Copy each line exactly, starting with the one that contains "Orientation: coronal" and stopping after the last line of the material below, with nothing else.

[Input for this task — start]

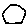
Label: hexagon
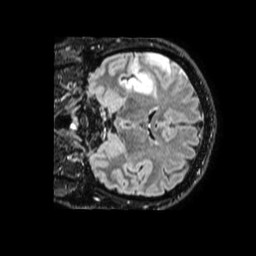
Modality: FLAIR
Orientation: coronal
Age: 47
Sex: male
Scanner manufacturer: philips
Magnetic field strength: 1.5 T
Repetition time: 4.8 s
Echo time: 0.3363 s

[Input for this task — finish]

■ Answer to the problem ■
Orientation: coronal
Age: 47
Sex: male
Scanner manufacturer: philips
Magnetic field strength: 1.5 T
Repetition time: 4.8 s
Echo time: 0.3363 s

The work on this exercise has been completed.